En principe, le 1er mai est un jour férié chômé en application de la loi (C. trav., art. L. 3133-4). Seuls peuvent faire travailler les salariés le 1er mai « les établissements et services qui, en raison de la nature de leur activité, ne peuvent interrompre le travail » (transports, hôpitaux, etc.).

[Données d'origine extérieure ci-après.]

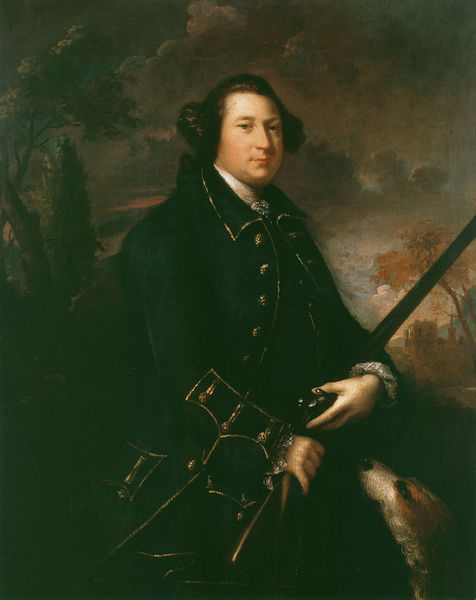
Titel: Skeffington, Clotworthy, later 1st Earl of Massereene
Künstler: Sir Joshua Reynolds
Institution: Privatsammlung
Schlagwörter: baum, dunkel, gemälde, hand, himmel, mann, umhang, weiß, wolken, bäume, landschaft, abend, frisur, handschuh, mund, nacht, nase, schwarz, gebäude, hund, rot, malerei, rock, schleife, anzug, hemd, augen, silber, spitze, ärmel, hände, portrait, porträt, öl, natur, gold, haare, mantel, sitzend, adel, brosche, kinn, locken, wald, bewölkt, perücke, krieg, halstuch, knöpfe, gehrock, stolz, uniform, waffe, adeliger, jagd, halbprofil, jäger, gewehr, flinte, hundekopf, goldknöpfe, portrt, portrasit, haarigmantel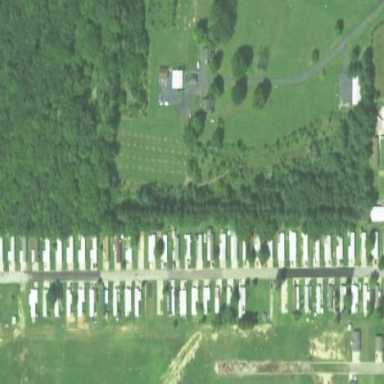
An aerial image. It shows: Residential area featuring static caravans in trailer park.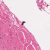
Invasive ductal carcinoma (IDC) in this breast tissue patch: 0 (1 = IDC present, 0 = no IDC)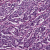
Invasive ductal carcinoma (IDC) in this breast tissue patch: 1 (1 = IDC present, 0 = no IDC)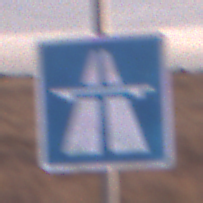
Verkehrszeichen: Autobahn
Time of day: SunriseSunset
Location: Outdoor (Nature)
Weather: PartlyCloudy
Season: NotSpecified
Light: Natural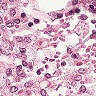
Metastatic tissue present: no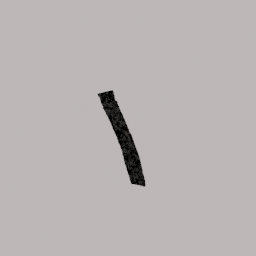
Label: nature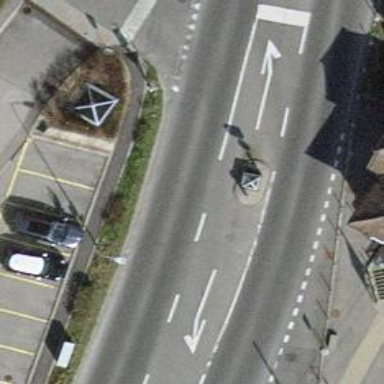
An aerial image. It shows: Primary highway with traffic calming island.

L’employeur qui fait travailler des salariés le 1er mai sans justification liée à la nature de l’activité encourt une amende de 4e classe (750 euros), appliquée autant de fois qu’il y a de salariés concernés (C. trav., art. R. 3135-3 et C. pén., art. 131-13). Cette proposition de loi a été amendée et adoptée par le Sénat le 3 juillet 2025. La prochaine étape sera donc son examen par l’Assemblée nationale, une fois qu’elle sera inscrite à l’ordre du jour.


Établissements concernés

Selon la proposition de loi amendée par le Sénat, pourraient occuper des salariés le 1er mai, outre les établissements actuels : 

les établissements assurant, à titre principal, la fabrication ou la préparation de produits alimentaires destinés à la consommation immédiate ;
les autres établissements dont l’activité exclusive est la vente de produits alimentaires au détail ;
les établissements exerçant, à titre principal, une activité de vente de fleurs naturelles qui permet de répondre à un besoin du public lié à un usage traditionnel propre au 1er mai ;
les établissements exerçant, à titre principal, une activité culturelle.

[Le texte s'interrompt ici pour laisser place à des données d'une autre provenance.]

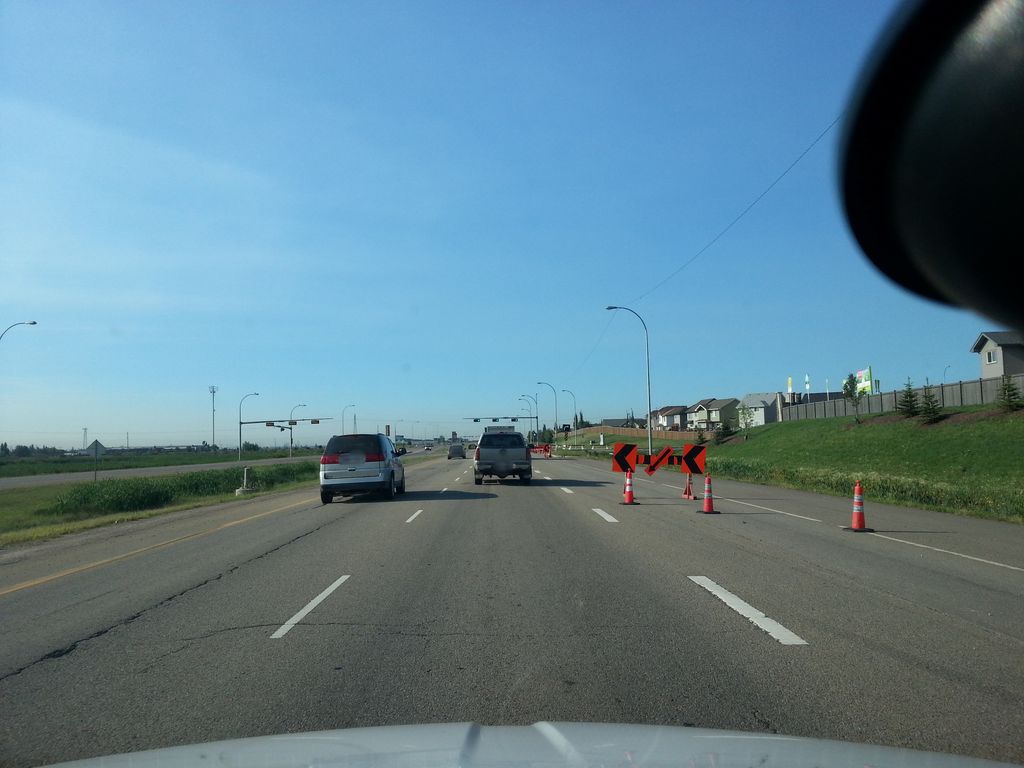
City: edmonton

Les catégories d’établissements concernées seraient déterminées par un décret.

Indemnisation des salariés 

Les salariés travaillant le 1er mai auraient droit, en plus de leur salaire normal, à une indemnité égale au montant de ce salaire, à la charge de l’employeur. Concrètement, pour ces salariés, le 1er mai travaillé serait aussi « payé double », sans dérogation possible.

Accord du salarié

Seuls les salariés volontaires ayant donné leur accord par écrit à leur employeur pourraient travailler le 1er mai. Un refus du salarié ne serait pas fautif, aucune sanction ou mesure discriminatoire ne pouvant être prise à son encontre.
Le 10 avril 2026, les députés devraient être amenés à se prononcer sur cette proposition de loi « visant à permettre aux salariés de certains établissements et services de travailler le 1er mai ».